Entries supplied:
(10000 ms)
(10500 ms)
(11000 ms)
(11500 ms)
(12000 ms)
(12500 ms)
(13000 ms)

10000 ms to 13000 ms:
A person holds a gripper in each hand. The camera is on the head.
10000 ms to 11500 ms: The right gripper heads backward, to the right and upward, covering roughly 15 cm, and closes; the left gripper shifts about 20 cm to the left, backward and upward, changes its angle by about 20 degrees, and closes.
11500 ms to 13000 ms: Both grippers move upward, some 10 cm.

Work request:
The records above need to be retyped in full, exactly as they stand.

Written reply:
(10000 ms)
(10500 ms)
(11000 ms)
(11500 ms)
(12000 ms)
(12500 ms)
(13000 ms)

10000 ms to 13000 ms:
A person holds a gripper in each hand. The camera is on the head.
10000 ms to 11500 ms: The right gripper heads backward, to the right and upward, covering roughly 15 cm, and closes; the left gripper shifts about 20 cm to the left, backward and upward, changes its angle by about 20 degrees, and closes.
11500 ms to 13000 ms: Both grippers move upward, some 10 cm.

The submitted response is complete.